▸ YOUR OBJECTIVE
Please reproduce the lines from the one containing "category: Drivable Space" through the end of the data below exactly as they stand, and omit all pictures.
INPUT DATA section start
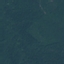
Land use / land cover class: Forest
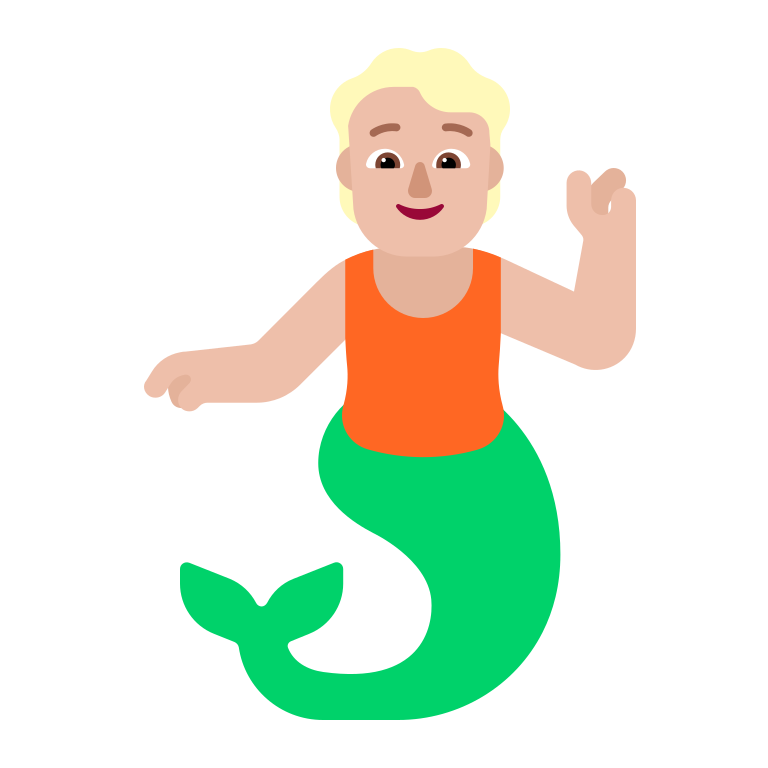
person merpeople flat  light
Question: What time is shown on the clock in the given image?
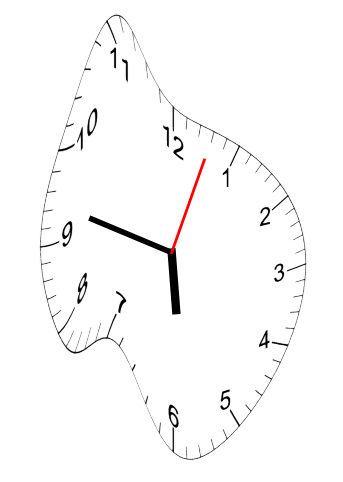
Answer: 05:47:03
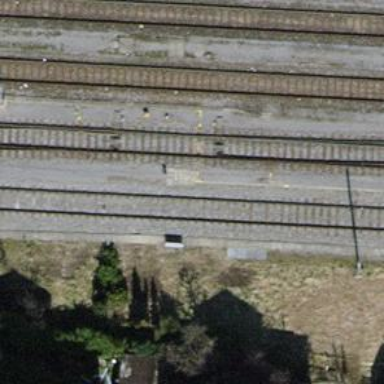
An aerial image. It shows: Railway switch.
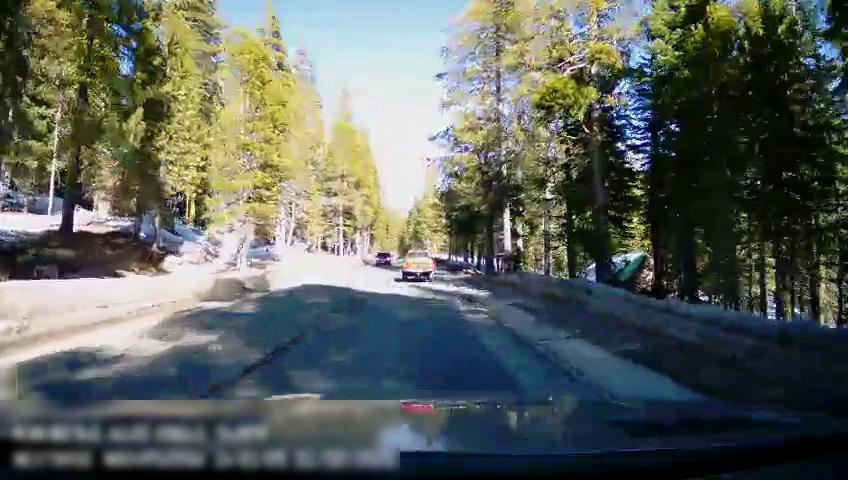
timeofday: Day
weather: Sunny
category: Drivable Space
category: Vehicles | SUV
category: Vehicles | Truck
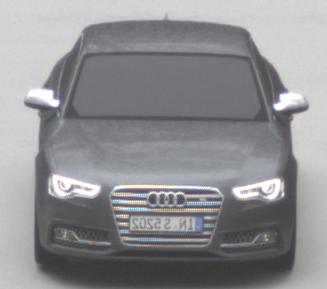
Make: Audi
Model: S5
Detailed model: F5
Model produced from: 2016
Model produced until: 2019
Doors: 2
Color: gray
Road condition: dry road
Daytime: morning or afternoon
Contrast: low contrast
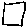
Label: square
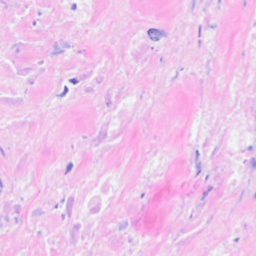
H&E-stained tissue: Breast
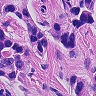
Metastatic tissue present: yes
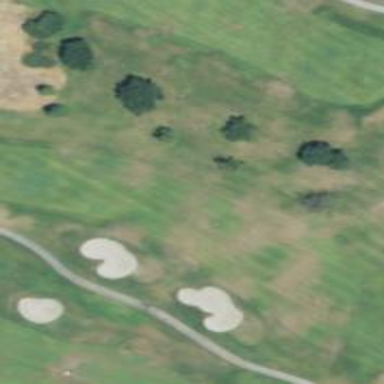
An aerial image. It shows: View of golf hole.
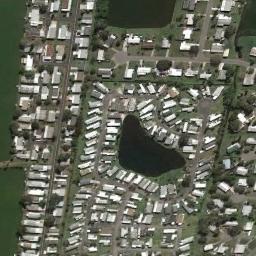
Label: residential
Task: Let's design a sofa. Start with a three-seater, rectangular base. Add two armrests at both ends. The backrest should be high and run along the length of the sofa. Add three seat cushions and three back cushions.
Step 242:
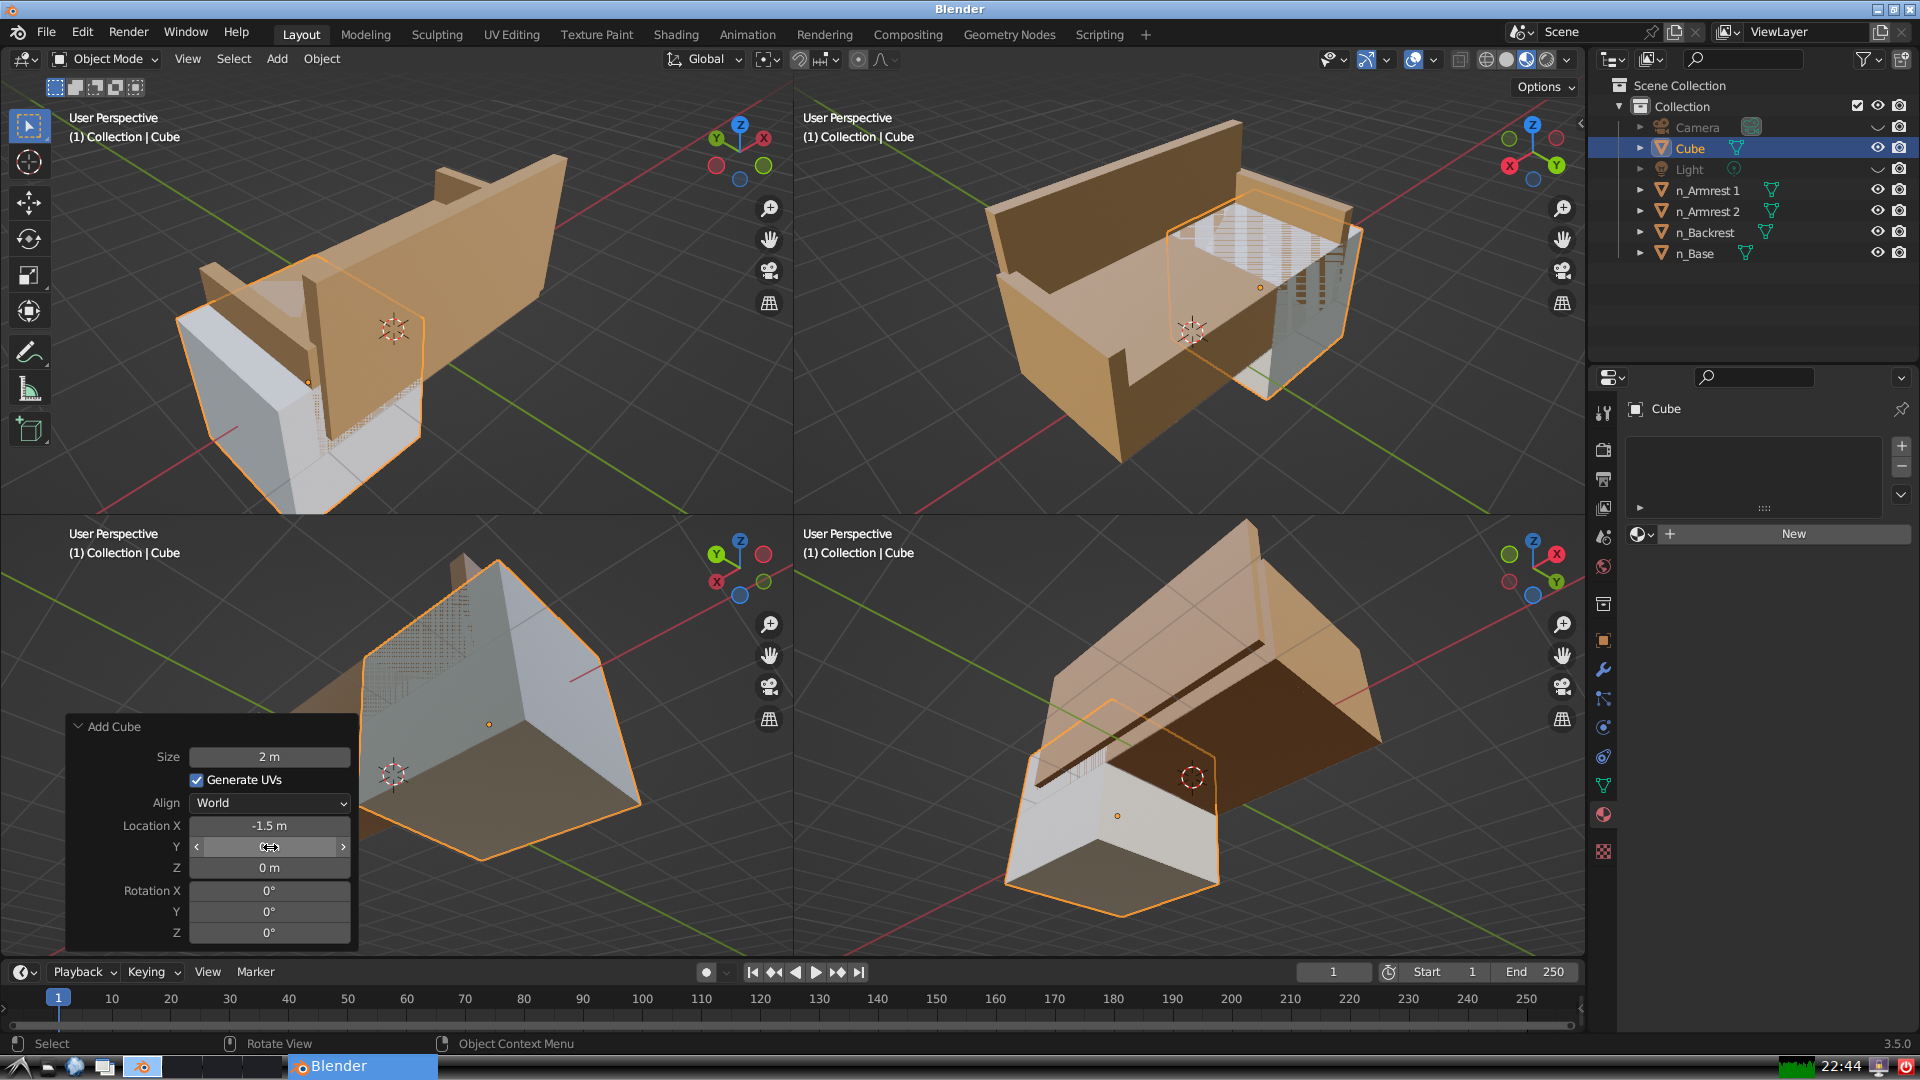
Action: click: no
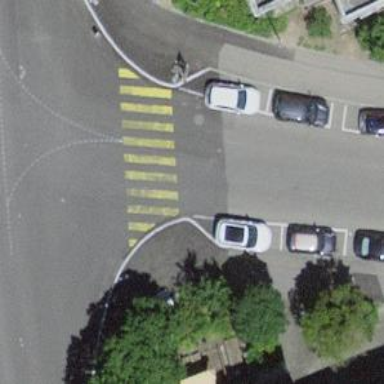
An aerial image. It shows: Zebra crossing on the road.
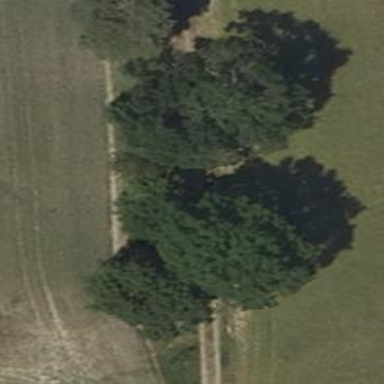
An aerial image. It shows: Row of deciduous broadleaved trees.
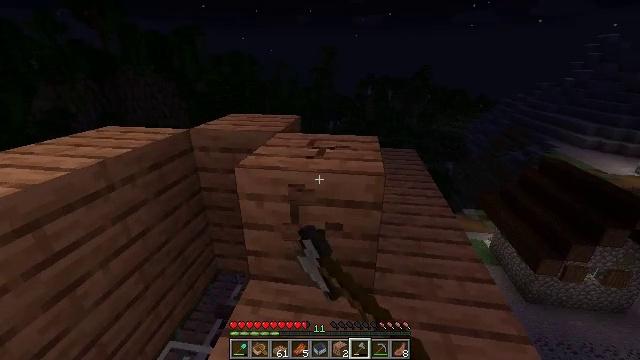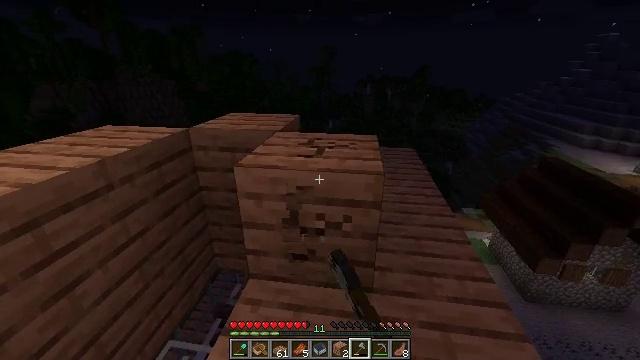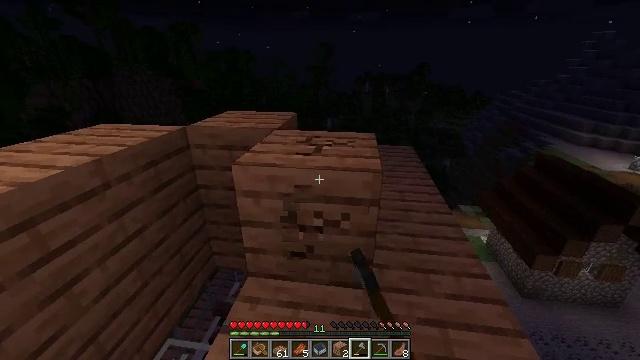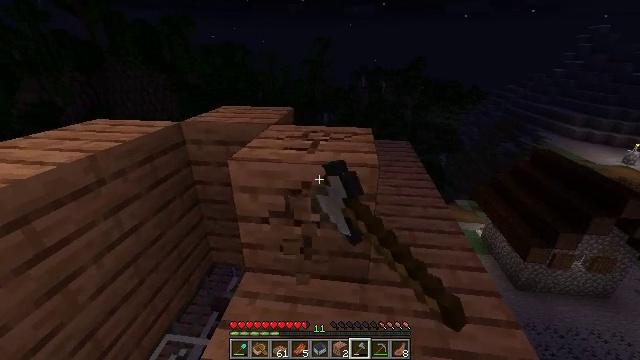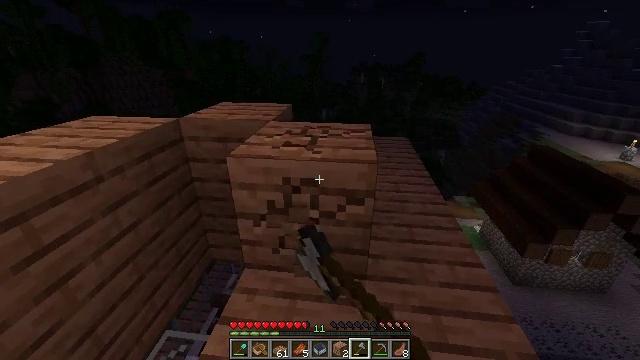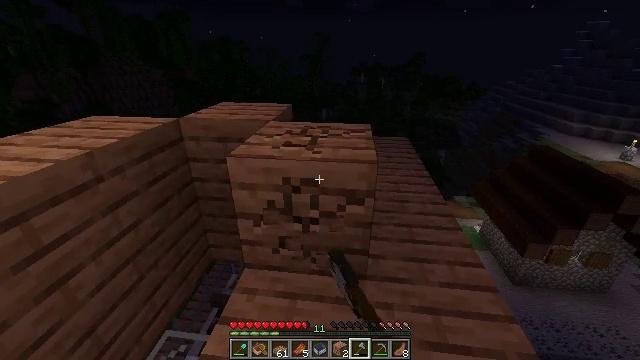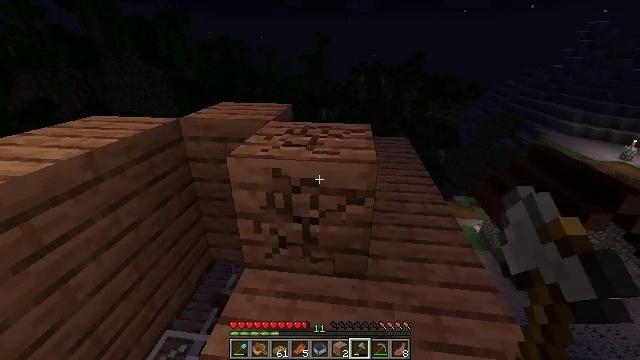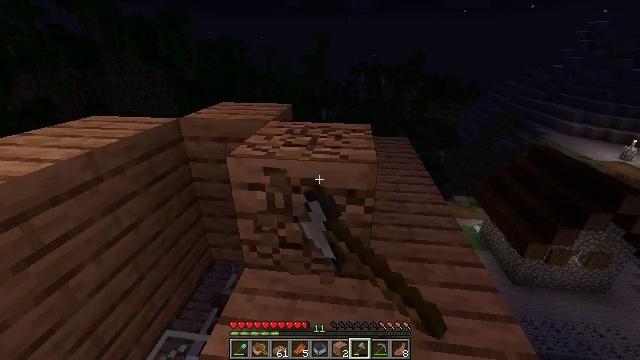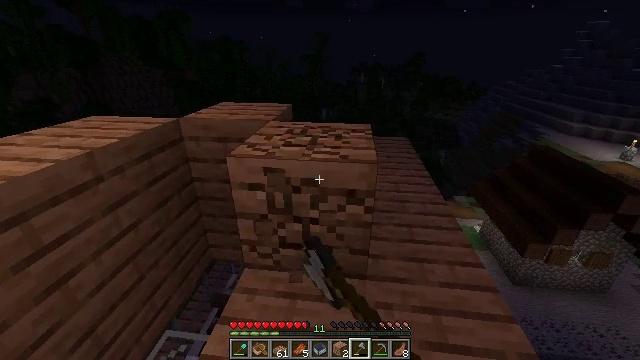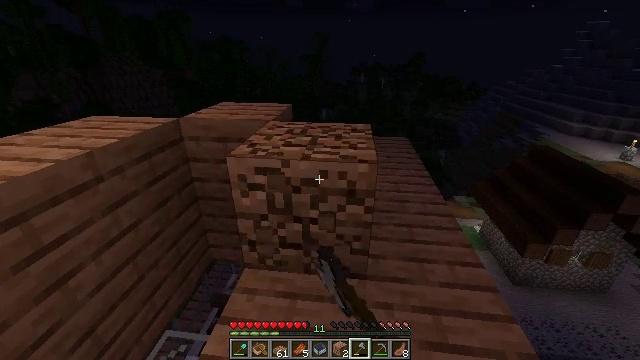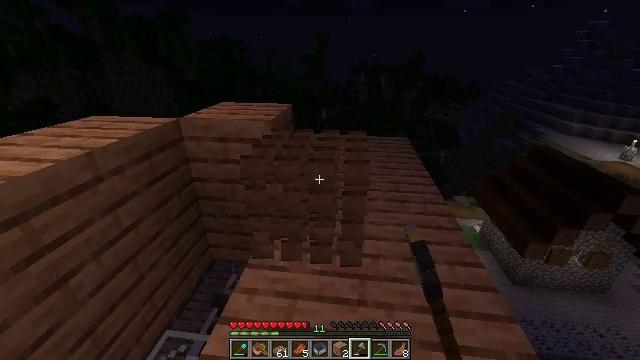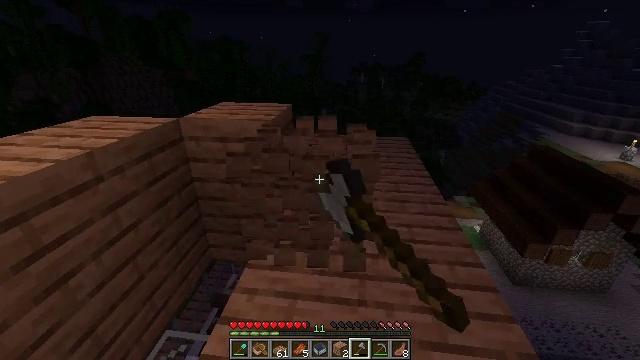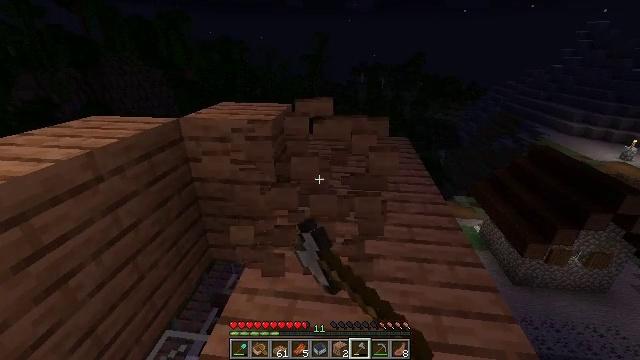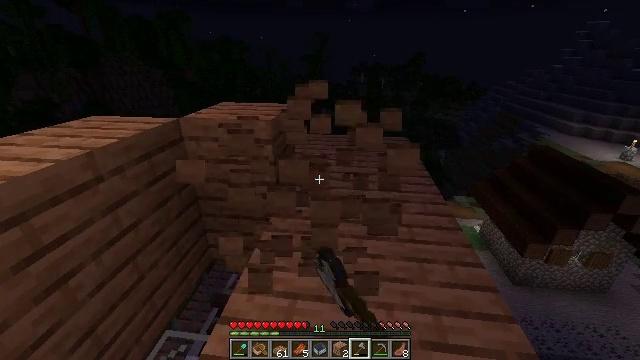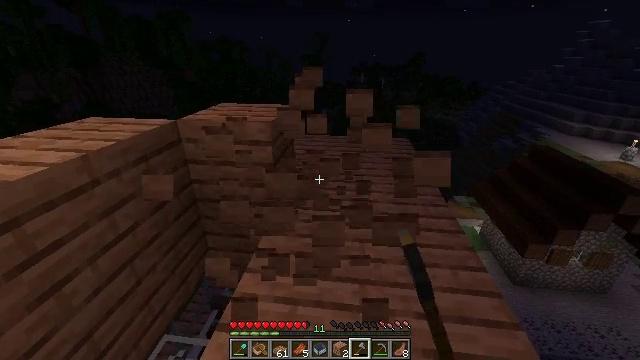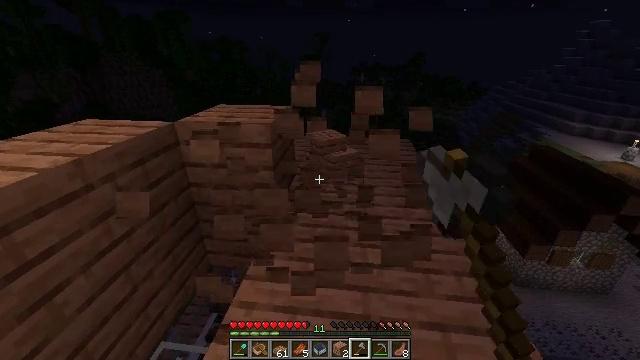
INPUT DATA section end
▸ RESULT OF THIS EXERCISE
category: Drivable Space
category: Vehicles | SUV
category: Vehicles | Truck
Make: Audi
Model: S5
Detailed model: F5
Model produced from: 2016
Model produced until: 2019
Doors: 2
Color: gray
Road condition: dry road
Daytime: morning or afternoon
Contrast: low contrast
Label: square
H&E-stained tissue: Breast
Metastatic tissue present: yes
An aerial image. It shows: View of golf hole.
Label: residential
Task: Let's design a sofa. Start with a three-seater, rectangular base. Add two armrests at both ends. The backrest should be high and run along the length of the sofa. Add three seat cushions and three back cushions.
Step 242:
Action: click: no
An aerial image. It shows: Zebra crossing on the road.
An aerial image. It shows: Row of deciduous broadleaved trees.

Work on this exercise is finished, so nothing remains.